What to work on:
In your copy, leave out the pictures and repeat every record exactly.

Extracted material:
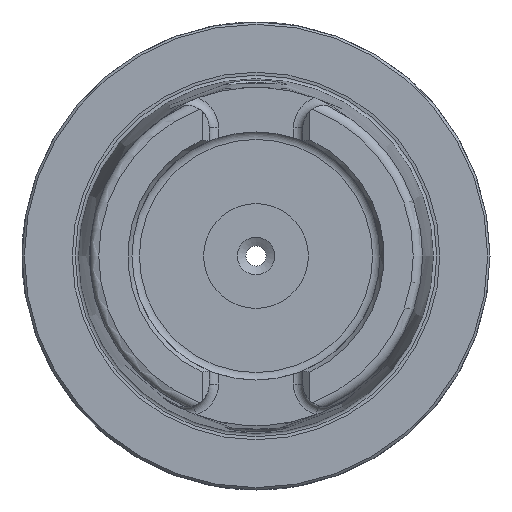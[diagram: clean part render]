
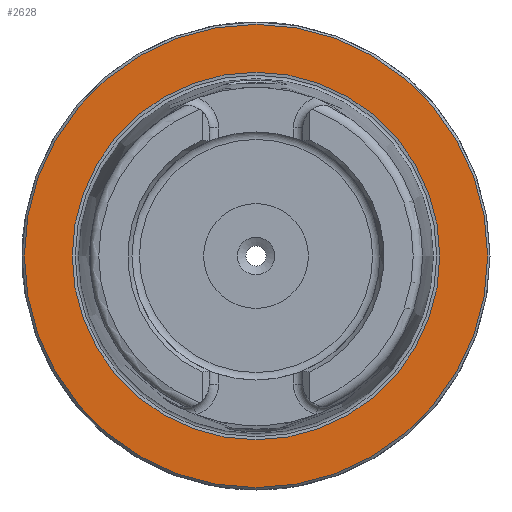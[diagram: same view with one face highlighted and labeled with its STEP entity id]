
A CAD part, left-side view. The second image highlights one B-rep face of the part: STEP entity #2628.
In plain terms, the highlighted planar face has unit normal (-1, 0, 0).
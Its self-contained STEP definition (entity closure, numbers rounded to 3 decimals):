
#138=FACE_BOUND('',#696,.T.);
#174=PLANE('',#3000);
#551=FACE_OUTER_BOUND('',#695,.T.);
#695=EDGE_LOOP('',(#2411,#2412));
#696=EDGE_LOOP('',(#2413,#2414));
#917=CIRCLE('',#2997,39.275);
#918=CIRCLE('',#2998,39.275);
#920=CIRCLE('',#3001,49.5);
#921=CIRCLE('',#3002,49.5);
#1214=VERTEX_POINT('',#5550);
#1215=VERTEX_POINT('',#5552);
#1216=VERTEX_POINT('',#5557);
#1217=VERTEX_POINT('',#5558);
#1619=EDGE_CURVE('',#1215,#1214,#917,.T.);
#1620=EDGE_CURVE('',#1214,#1215,#918,.T.);
#1622=EDGE_CURVE('',#1216,#1217,#920,.T.);
#1623=EDGE_CURVE('',#1217,#1216,#921,.T.);
#2411=ORIENTED_EDGE('',*,*,#1622,.F.);
#2412=ORIENTED_EDGE('',*,*,#1623,.F.);
#2413=ORIENTED_EDGE('',*,*,#1619,.T.);
#2414=ORIENTED_EDGE('',*,*,#1620,.T.);
#2628=ADVANCED_FACE('',(#551,#138),#174,.T.);
#2997=AXIS2_PLACEMENT_3D('',#5553,#3813,#3814);
#2998=AXIS2_PLACEMENT_3D('',#5554,#3815,#3816);
#3000=AXIS2_PLACEMENT_3D('',#5556,#3819,#3820);
#3001=AXIS2_PLACEMENT_3D('',#5559,#3821,#3822);
#3002=AXIS2_PLACEMENT_3D('',#5560,#3823,#3824);
#3813=DIRECTION('center_axis',(1.,0.,0.));
#3814=DIRECTION('ref_axis',(0.,0.,-1.));
#3815=DIRECTION('center_axis',(1.,0.,0.));
#3816=DIRECTION('ref_axis',(0.,0.,-1.));
#3819=DIRECTION('center_axis',(-1.,0.,0.));
#3820=DIRECTION('ref_axis',(0.,0.,1.));
#3821=DIRECTION('center_axis',(1.,0.,0.));
#3822=DIRECTION('ref_axis',(0.,0.,-1.));
#3823=DIRECTION('center_axis',(1.,0.,0.));
#3824=DIRECTION('ref_axis',(0.,0.,-1.));
#5550=CARTESIAN_POINT('',(0.,-39.275,0.));
#5552=CARTESIAN_POINT('',(0.,39.275,0.));
#5553=CARTESIAN_POINT('Origin',(0.,0.,0.));
#5554=CARTESIAN_POINT('Origin',(0.,0.,0.));
#5556=CARTESIAN_POINT('Origin',(0.,49.5,0.));
#5557=CARTESIAN_POINT('',(0.,49.5,0.));
#5558=CARTESIAN_POINT('',(0.,-49.5,0.));
#5559=CARTESIAN_POINT('Origin',(0.,0.,0.));
#5560=CARTESIAN_POINT('Origin',(0.,0.,0.));

Solution for this exercise:
[diagram: clean part render]
[diagram: same view with one face highlighted and labeled with its STEP entity id]
A CAD part, left-side view. The second image highlights one B-rep face of the part: STEP entity #2628.
In plain terms, the highlighted planar face has unit normal (-1, 0, 0).
Its self-contained STEP definition (entity closure, numbers rounded to 3 decimals):
#138=FACE_BOUND('',#696,.T.);
#174=PLANE('',#3000);
#551=FACE_OUTER_BOUND('',#695,.T.);
#695=EDGE_LOOP('',(#2411,#2412));
#696=EDGE_LOOP('',(#2413,#2414));
#917=CIRCLE('',#2997,39.275);
#918=CIRCLE('',#2998,39.275);
#920=CIRCLE('',#3001,49.5);
#921=CIRCLE('',#3002,49.5);
#1214=VERTEX_POINT('',#5550);
#1215=VERTEX_POINT('',#5552);
#1216=VERTEX_POINT('',#5557);
#1217=VERTEX_POINT('',#5558);
#1619=EDGE_CURVE('',#1215,#1214,#917,.T.);
#1620=EDGE_CURVE('',#1214,#1215,#918,.T.);
#1622=EDGE_CURVE('',#1216,#1217,#920,.T.);
#1623=EDGE_CURVE('',#1217,#1216,#921,.T.);
#2411=ORIENTED_EDGE('',*,*,#1622,.F.);
#2412=ORIENTED_EDGE('',*,*,#1623,.F.);
#2413=ORIENTED_EDGE('',*,*,#1619,.T.);
#2414=ORIENTED_EDGE('',*,*,#1620,.T.);
#2628=ADVANCED_FACE('',(#551,#138),#174,.T.);
#2997=AXIS2_PLACEMENT_3D('',#5553,#3813,#3814);
#2998=AXIS2_PLACEMENT_3D('',#5554,#3815,#3816);
#3000=AXIS2_PLACEMENT_3D('',#5556,#3819,#3820);
#3001=AXIS2_PLACEMENT_3D('',#5559,#3821,#3822);
#3002=AXIS2_PLACEMENT_3D('',#5560,#3823,#3824);
#3813=DIRECTION('center_axis',(1.,0.,0.));
#3814=DIRECTION('ref_axis',(0.,0.,-1.));
#3815=DIRECTION('center_axis',(1.,0.,0.));
#3816=DIRECTION('ref_axis',(0.,0.,-1.));
#3819=DIRECTION('center_axis',(-1.,0.,0.));
#3820=DIRECTION('ref_axis',(0.,0.,1.));
#3821=DIRECTION('center_axis',(1.,0.,0.));
#3822=DIRECTION('ref_axis',(0.,0.,-1.));
#3823=DIRECTION('center_axis',(1.,0.,0.));
#3824=DIRECTION('ref_axis',(0.,0.,-1.));
#5550=CARTESIAN_POINT('',(0.,-39.275,0.));
#5552=CARTESIAN_POINT('',(0.,39.275,0.));
#5553=CARTESIAN_POINT('Origin',(0.,0.,0.));
#5554=CARTESIAN_POINT('Origin',(0.,0.,0.));
#5556=CARTESIAN_POINT('Origin',(0.,49.5,0.));
#5557=CARTESIAN_POINT('',(0.,49.5,0.));
#5558=CARTESIAN_POINT('',(0.,-49.5,0.));
#5559=CARTESIAN_POINT('Origin',(0.,0.,0.));
#5560=CARTESIAN_POINT('Origin',(0.,0.,0.));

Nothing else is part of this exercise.